Nearly five years later, more than 100 girls from the Chibok school remain missing. Some of those who escaped or were freed sought help from Dr. Rebecca Dali, who runs the Center for Caring, Empowering and Peace Initiatives (CCEPI). Some of the girls have been rejected by their families and communities because they are rape survivors who have given birth to children whose fathers are terrorists.
Dali founded CCEPI in 1989 to help Nigerian women, children, and orphans. Dali and her colleagues at CCEPI not only offer treatment for the traumas the Chibok girls have endured, but also enable them to learn skills and offer them tools to improve their ability to earn a living.
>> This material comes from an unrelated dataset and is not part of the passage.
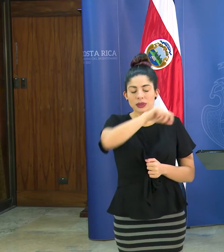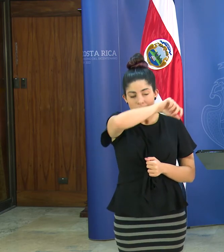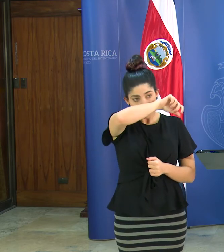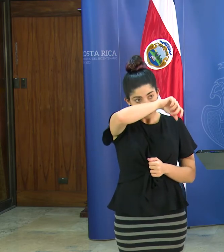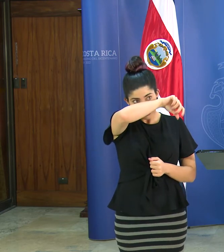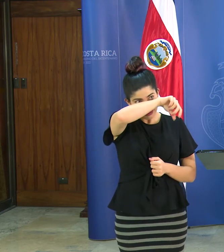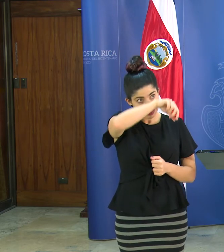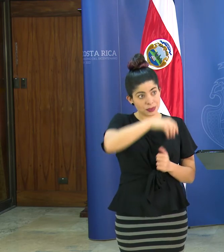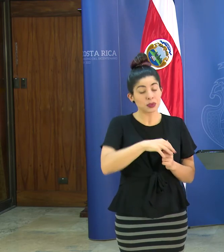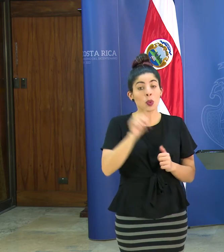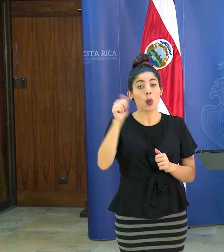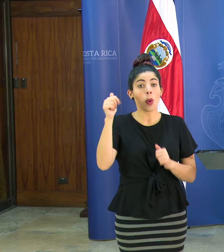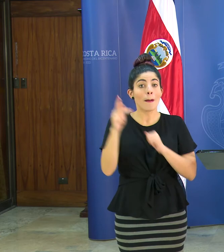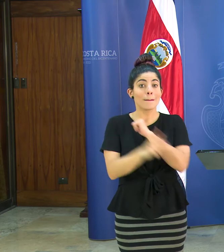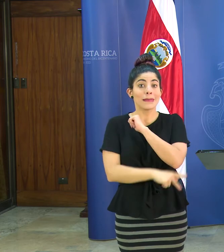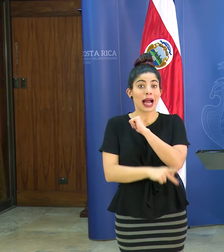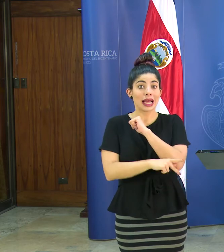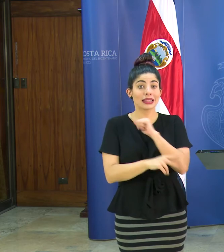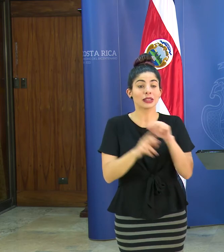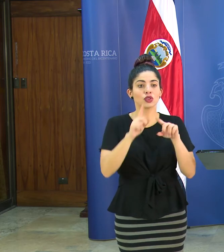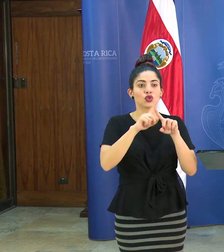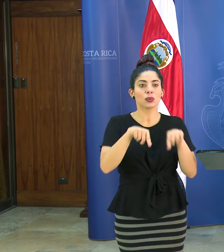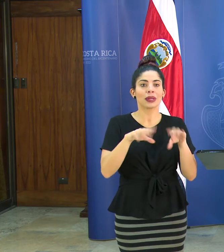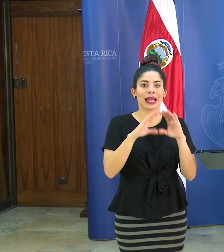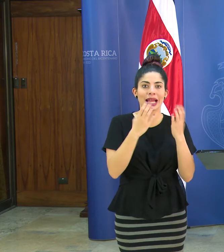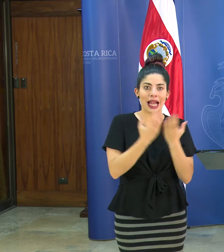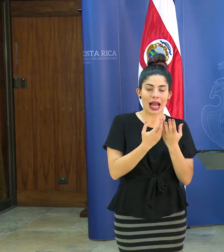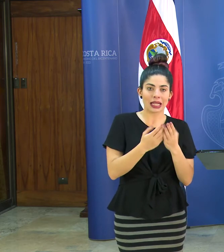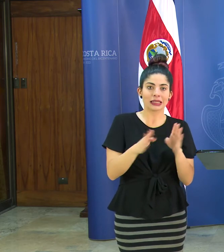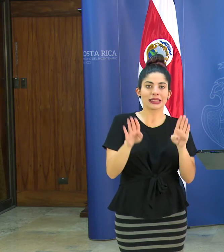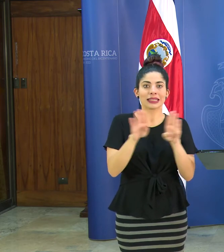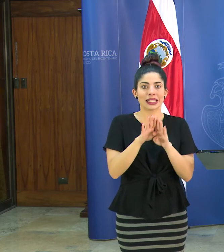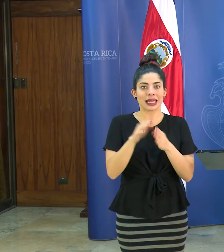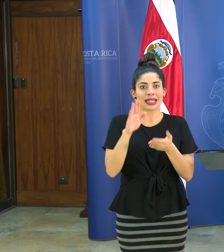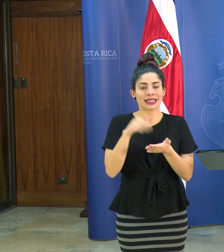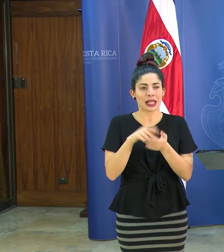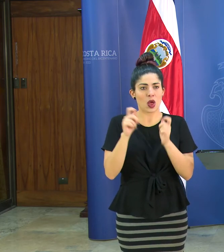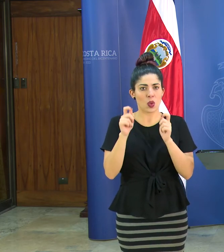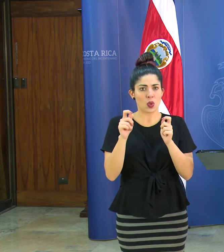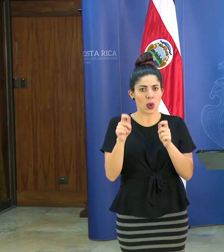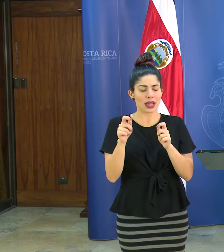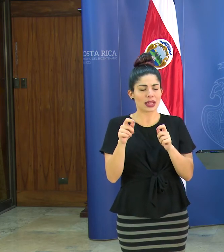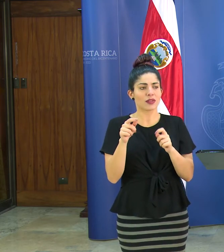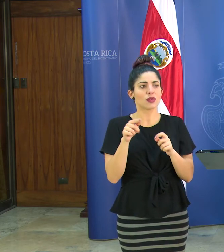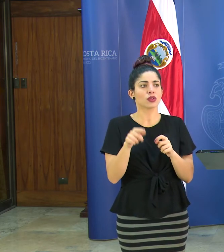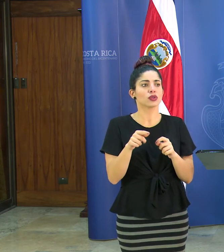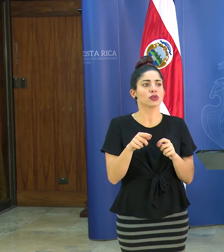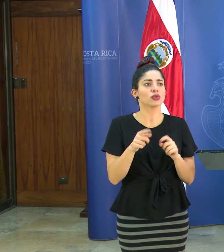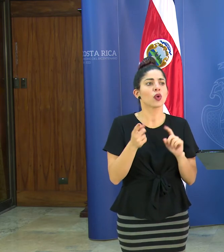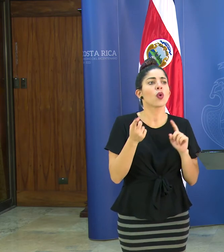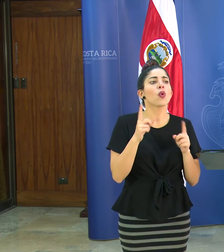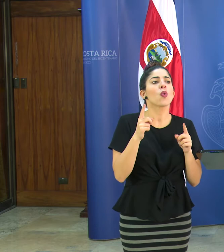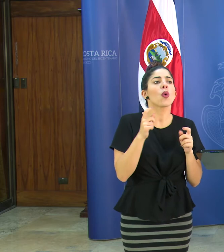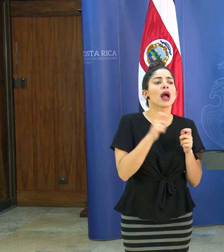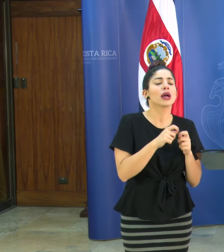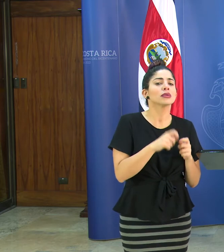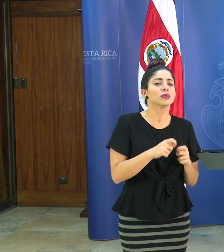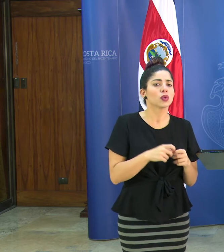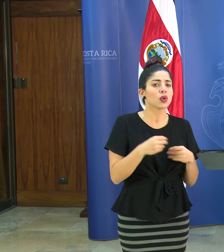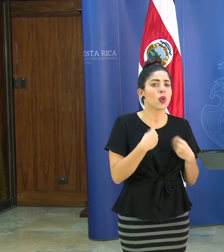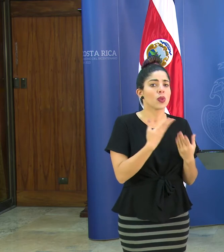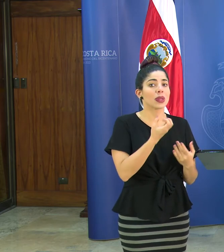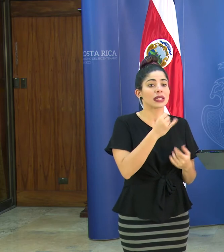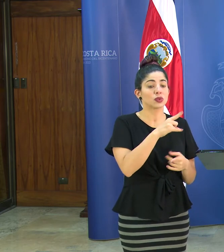estamos viendo en otros países que están suspendiendo clases están cerrando centros educativos ¿cuáles son esos aspectos que los llevaron a ustedes a determinar

Dali offers herself as an example to the girls of what they are capable of doing. “I have walked the same path that you are going through,” she tells them. “My history is terrible, but I did not lose hope, so I don’t want you to lose hope.” Dali was raped when she was 6 years old. When she turned 8, her father told her that she must get married to help support the family. She wanted to stay in school, so she ran away. Dali ultimately earned a Ph.D. and has written books documenting what happened to people whom CCEPI has cared for over the decades.
In 2017, Dali was awarded the Sergio Vieira de Mello Award, named for the U.N. High Commissioner for Human Rights who was killed in Iraq in 2003. “Dr. Dali’s access into the local community and academic research have been invaluable to the advocacy community in the U.S. as we amplify the voices of those affected by violence in northeast Nigeria,” says Nathan Hosler, director of the Office of Peacebuilding and Policy for the Church of the Brethren in the United States.
Ekklesiyar Yan’uwa a Nigeria (Church of the Brethren in Nigeria) is the church’s largest national body. Samuel Dali, Dr. Dali’s husband, served for many years as president of the Church of the Brethren in Nigeria, and most of the kidnapped Chibok girls are members. In addition to support from the church, CCEPI receives support from other donors, including USAID, the European Union, the U.N. Refugee Agency (UNHCR), and the International Rescue Committee.
Dali has had many encounters with Boko Haram and has paid a terrible price for treating its victims. In 2014, the group kidnapped her son. He has not been heard from since, and she presumes that he is dead. Despite the dangers, Dali and CCEPI remain committed to their ministry. As she told an interviewer, “If my organization is not there, who will go?”
"I have walked the same path as you. My history is terrible, but I did not lose hope, so I don’t want you to lose hope."